Le deuxième film polonais de la sélection Deszcz (La Pluie) de Piotr Milczarek est une critique du milieu du travail contemporain à travers une réinterprétation satirique, minimaliste et comique d’un certain « darwinisme » – celui des Darwin awards. Une éminente spécialiste de notre connaissance le définissait ainsi : « la stupidité humaine, qui encourage des pratiques aussi idiotes que dangereuses, devient un nouveau critère de sélection naturelle ». Tout en plans larges dans un environnement urbain géométrique, bleuté et mortifère, la sélection des « sans-cerveau », s’opère au sommet d’un immeuble. A mesure que des silhouettes similaires, en mal de sensations fortes, sautent du toit, un super-héros cherche à les sauver jusqu’à ce que : it’s raining men… mais « too much » (même pour des Weather girls). D’une ironie grinçante, le film ne figure personne qui s’écrase mais le suggère, de même que, sans jamais le mettre en avant, il sous-entend que tout peut être causé par le temps passé dans des bureaux à accomplir des tâches aussi inutiles que rébarbatives et qui rendent fou.

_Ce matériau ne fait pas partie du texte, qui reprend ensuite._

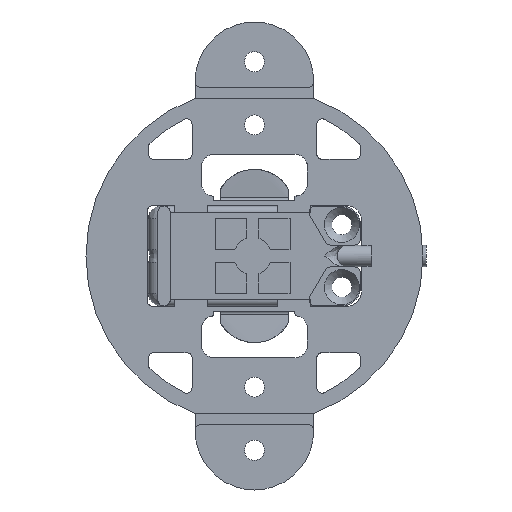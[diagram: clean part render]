
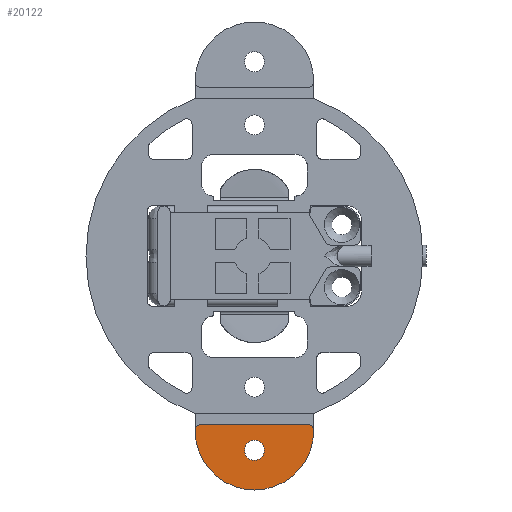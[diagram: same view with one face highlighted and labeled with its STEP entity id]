
A CAD part, front view. The second image highlights one B-rep face of the part: STEP entity #20122.
In plain terms, the highlighted planar face has unit normal (0, -1, 0).
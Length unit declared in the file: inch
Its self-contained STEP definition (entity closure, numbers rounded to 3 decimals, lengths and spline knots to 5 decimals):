
#20 = CARTESIAN_POINT ( 'NONE',  ( 0.66929, -0.11811, -1.10236 ) ) ;
#395 = ORIENTED_EDGE ( 'NONE', *, *, #19666, .F. ) ;
#651 = DIRECTION ( 'NONE',  ( 0., 0., 1. ) ) ;
#852 = CARTESIAN_POINT ( 'NONE',  ( 0.29528, -0.11811, -1.10236 ) ) ;
#2003 = AXIS2_PLACEMENT_3D ( 'NONE', #20552, #7984, #2911 ) ;
#2186 = AXIS2_PLACEMENT_3D ( 'NONE', #32820, #24455, #11406 ) ;
#2732 = ORIENTED_EDGE ( 'NONE', *, *, #8661, .F. ) ;
#2911 = DIRECTION ( 'NONE',  ( 0., 0., 1. ) ) ;
#6877 = VERTEX_POINT ( 'NONE', #32830 ) ;
#6880 = CIRCLE ( 'NONE', #2003, 0.03937 ) ;
#7547 = VERTEX_POINT ( 'NONE', #26519 ) ;
#7984 = DIRECTION ( 'NONE',  ( 0., 1., 0. ) ) ;
#8661 = EDGE_CURVE ( 'NONE', #16831, #25768, #29515, .T. ) ;
#10909 = DIRECTION ( 'NONE',  ( 0., 1., 0. ) ) ;
#10973 = CARTESIAN_POINT ( 'NONE',  ( 0.33465, -0.11811, -1.06299 ) ) ;
#11036 = ORIENTED_EDGE ( 'NONE', *, *, #26648, .F. ) ;
#11406 = DIRECTION ( 'NONE',  ( 0., 0., 1. ) ) ;
#11840 = ORIENTED_EDGE ( 'NONE', *, *, #33160, .F. ) ;
#12630 = EDGE_LOOP ( 'NONE', ( #11036, #18894, #2732, #11840 ) ) ;
#12686 = FACE_BOUND ( 'NONE', #15730, .T. ) ;
#13943 = LINE ( 'NONE', #10973, #30186 ) ;
#15478 = DIRECTION ( 'NONE',  ( 0., 0., 1. ) ) ;
#15730 = EDGE_LOOP ( 'NONE', ( #395 ) ) ;
#15817 = DIRECTION ( 'NONE',  ( 0., 1., 0. ) ) ;
#16831 = VERTEX_POINT ( 'NONE', #24127 ) ;
#17128 = VERTEX_POINT ( 'NONE', #27533 ) ;
#17548 = AXIS2_PLACEMENT_3D ( 'NONE', #20, #15817, #15478 ) ;
#17831 = FACE_OUTER_BOUND ( 'NONE', #12630, .T. ) ;
#18894 = ORIENTED_EDGE ( 'NONE', *, *, #27877, .F. ) ;
#19229 = DIRECTION ( 'NONE',  ( 1., 0., 0. ) ) ;
#19666 = EDGE_CURVE ( 'NONE', #17128, #17128, #19985, .T. ) ;
#19985 = CIRCLE ( 'NONE', #25444, 0.06299 ) ;
#20122 = ADVANCED_FACE ( 'NONE', ( #17831, #12686 ), #23103, .F. ) ;
#20552 = CARTESIAN_POINT ( 'NONE',  ( 1.00394, -0.11811, -1.10236 ) ) ;
#21683 = AXIS2_PLACEMENT_3D ( 'NONE', #26822, #10909, #651 ) ;
#22981 = DIRECTION ( 'NONE',  ( 0., 0., 1. ) ) ;
#23103 = PLANE ( 'NONE',  #21683 ) ;
#24127 = CARTESIAN_POINT ( 'NONE',  ( 1.04331, -0.11811, -1.10236 ) ) ;
#24455 = DIRECTION ( 'NONE',  ( 0., 1., 0. ) ) ;
#25384 = DIRECTION ( 'NONE',  ( 0., -1., 0. ) ) ;
#25444 = AXIS2_PLACEMENT_3D ( 'NONE', #25722, #25384, #22981 ) ;
#25722 = CARTESIAN_POINT ( 'NONE',  ( 0.66929, -0.11811, -1.22638 ) ) ;
#25768 = VERTEX_POINT ( 'NONE', #852 ) ;
#26519 = CARTESIAN_POINT ( 'NONE',  ( 1.00394, -0.11811, -1.06299 ) ) ;
#26648 = EDGE_CURVE ( 'NONE', #6877, #7547, #13943, .T. ) ;
#26822 = CARTESIAN_POINT ( 'NONE',  ( 1.00394, -0.11811, -1.10236 ) ) ;
#27533 = CARTESIAN_POINT ( 'NONE',  ( 0.66929, -0.11811, -1.16339 ) ) ;
#27877 = EDGE_CURVE ( 'NONE', #25768, #6877, #28915, .T. ) ;
#28915 = CIRCLE ( 'NONE', #2186, 0.03937 ) ;
#29515 = CIRCLE ( 'NONE', #17548, 0.37402 ) ;
#30186 = VECTOR ( 'NONE', #19229, 39.37008 ) ;
#32820 = CARTESIAN_POINT ( 'NONE',  ( 0.33465, -0.11811, -1.10236 ) ) ;
#32830 = CARTESIAN_POINT ( 'NONE',  ( 0.33465, -0.11811, -1.06299 ) ) ;
#33160 = EDGE_CURVE ( 'NONE', #7547, #16831, #6880, .T. ) ;

Le court-métrage le plus impressionnant reste Bridge de Di Liu, film chinois issu d’un petit studio spécialisé dans la marionnette et quasi inconnu jusque-là en dehors de sa patrie d’origine. Le récit est plutôt simple et rappellera les chanbaras d’Akira Kurosawa. Il s’agit d’un pur film de combat en noir et blanc, avec ses personnages archétypaux : la jeune fille pauvre, un vieux rônin, un guerrier masqué et le bandit puissant. Combats et fuites se succèdent dans une foret comme sur un pont au milieu d’une grande averse jusqu’à un combat tripartite. L’animation des poupées est d’une grande réussite, aidée par une mise en scène intelligente qui alterne entre la suggestion comme lors d’un long et lent mouvement travelling latéral derrière un pont d’où émerge casques et morceaux d’épée, ou violence montrée comme des mains ou des têtes coupées. Le final n’épargne rien, d’une noirceur telle que toute parcelle d’humanité semble éteinte. Pour en voir quelques images, c’est par ici.

Nous avons également vu Le Voyage extraordinaire de Marona d’Anca Damian qui fourmille d’idées visuelles incroyables, mais nous y reviendrons plus longuement demain. Autre voyage moins lointain : l’exode massif, avant la fin du film, de spectateurs énervés de leurs sièges vers l’extérieur hors du cinéma malgré les trombes d’eau pour Happiness machine. Avec ce programme de courts, il n’aura pas fallu attendre longtemps pour assister au premier concert de portes claquées, ce qui collait plutôt bien à la bande-son « bruitiste ». Dommage, tout n’est pas à jeter mais là aussi nous en reparlerons plus tard.